IE 11 is not supported. For an optimal experience visit our site on another browser.

Friends in the kitchen help Cook on ‘Idol’

The Deer Creek Valley around rural Selma, Ore., only has about 3,000 people, but on “Idol” night, many of them are poised to vote as many times as they can for Kristy Lee Cook.
/ Source: The Associated Press

Desiree Eddy cooks for the folks who crowd the Country Folks Restaurant on “American Idol” night, but she doesn’t let that keep her from the telephone.

Dialing as fast as she can, Eddy figures she can vote 600 times for local contestant Kristy Lee Cook — if the toll-free phone lines don’t jam up, that is.

“We stay up and vote non-stop,” said Eddy, who has to get up long before dawn to start the grill for breakfast. “She comes from such a small town that we have to vote twice as hard to keep her in.”

The Deer Creek Valley around this small rural crossroads only has about 3,000 people, but on “Idol” night, many of them are poised to vote as many times as they can for Cook. Country Folks owners Alicia and Stan Kinsey, Eddy’s mom and dad, keep the restaurant open past their normal 3 p.m. closing so folks who don’t have satellite TV can come and watch; for those who can’t, they put Cook’s voting number on the reader board outside.

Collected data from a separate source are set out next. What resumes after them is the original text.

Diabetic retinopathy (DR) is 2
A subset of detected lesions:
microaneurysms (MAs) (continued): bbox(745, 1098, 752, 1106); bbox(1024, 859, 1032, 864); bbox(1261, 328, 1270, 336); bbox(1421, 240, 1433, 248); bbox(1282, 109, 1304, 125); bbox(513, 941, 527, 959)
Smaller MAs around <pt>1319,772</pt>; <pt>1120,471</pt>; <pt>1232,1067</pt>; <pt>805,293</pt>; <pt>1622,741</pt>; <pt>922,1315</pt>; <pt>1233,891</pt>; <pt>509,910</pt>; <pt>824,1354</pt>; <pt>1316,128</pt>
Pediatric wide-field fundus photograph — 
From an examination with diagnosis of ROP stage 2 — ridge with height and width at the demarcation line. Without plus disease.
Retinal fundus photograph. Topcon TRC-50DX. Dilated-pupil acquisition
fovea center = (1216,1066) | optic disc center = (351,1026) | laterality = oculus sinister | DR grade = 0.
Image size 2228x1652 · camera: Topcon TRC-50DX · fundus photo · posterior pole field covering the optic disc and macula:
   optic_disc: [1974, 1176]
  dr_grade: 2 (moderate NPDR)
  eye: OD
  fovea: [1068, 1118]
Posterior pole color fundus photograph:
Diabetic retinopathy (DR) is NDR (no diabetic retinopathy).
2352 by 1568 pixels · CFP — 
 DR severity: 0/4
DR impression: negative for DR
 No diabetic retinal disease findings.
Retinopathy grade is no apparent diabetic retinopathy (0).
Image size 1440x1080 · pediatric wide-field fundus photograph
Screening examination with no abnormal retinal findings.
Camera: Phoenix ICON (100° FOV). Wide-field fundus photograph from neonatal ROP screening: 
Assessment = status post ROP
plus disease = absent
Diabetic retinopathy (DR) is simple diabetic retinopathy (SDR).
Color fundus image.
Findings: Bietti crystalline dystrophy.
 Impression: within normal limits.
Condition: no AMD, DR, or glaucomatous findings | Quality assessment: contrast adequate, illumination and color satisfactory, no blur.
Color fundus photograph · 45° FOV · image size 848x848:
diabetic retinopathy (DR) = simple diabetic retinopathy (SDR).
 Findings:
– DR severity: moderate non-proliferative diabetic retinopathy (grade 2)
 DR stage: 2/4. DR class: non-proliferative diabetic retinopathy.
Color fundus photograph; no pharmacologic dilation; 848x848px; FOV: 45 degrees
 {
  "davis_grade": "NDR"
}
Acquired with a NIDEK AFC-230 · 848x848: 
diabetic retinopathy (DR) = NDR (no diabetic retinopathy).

“It just kind of grew,” said Eddy. “Now it’s huge. The customers are really cool. They come about 7 and order so we can get everything out by 8 o’clock and we all can watch. It’s like family.”

Selma is an unincorporated community on the edge of the Rogue-Siskiyou National Forest; the community was in the heart of Oregon’s gold rush in the 1850s and the timber boom after World War II. Both have gone bust, leaving Selma with a handful of businesses mostly focused on drawing passers-by off the two-lane blacktop, and a scattering of rural homes ranging from mansions to singlewides. Horses, llamas and goats graze in grassy fields and snowcapped mountains ring the valley.

In 2002, Selma feared for its very life as the Biscuit fire, the biggest in the nation that year at 500,000 acres, bore down.

Born in the Seattle area, Cook, 24, moved to a log house here as a 14-year-old, when her parents, Larry and Carlene Cook, were looking for a place that split the distance between Reno, Nev., where one daughter was a swimmer at the University of Nevada, and Eugene, Ore., where a son was a wide receiver at the University of Oregon.

None would comment for this story because “Idol” has confidentiality agreements from family and friends of contestants.

The Grants Pass Daily Courier has followed Cook’s career, reporting that she got her big break in 1998, when she opened at a nearby music festival for Glen Campbell. That led to a record deal and an album. Her dad, a softball coach at a junior college in Northern California, told the newspaper that after failing an “Idol” audition in San Diego Kristy sold a horse to pay for a second try in Philadelphia, where her rendition of “Amazing Grace” got her in.

Back home, Cook rides horses and stops in for country fried steak or cinnamon roll French toast at the Country Folks Restaurant, where she always sits in a corner booth, said Eddy.

At the neighboring Clear Creek Family Practice, Dr. Katherine Mechling doesn’t watch TV, but follows Cook’s fortunes in the newspaper. Her 14-year-old niece, Audrey Mechling, doesn’t know Cook, but was thrilled and surprised to see her on TV during the Philadelphia auditions for “Idol.”

“We were like, ‘I bet she’s not going to be good,’ but then she made it,” said Audrey, pulling off a set of soapy gloves and putting down a scouring pad to talk. “It’s so cool, because no one had ever heard of Selma before.”

At the Crystal Kaleidoscope, owner Louis Swisher has been undaunted by the tough criticism leveled at Cook by judge Simon Cowell.

“When he does say something good,” Swisher said, “it means a lot more.”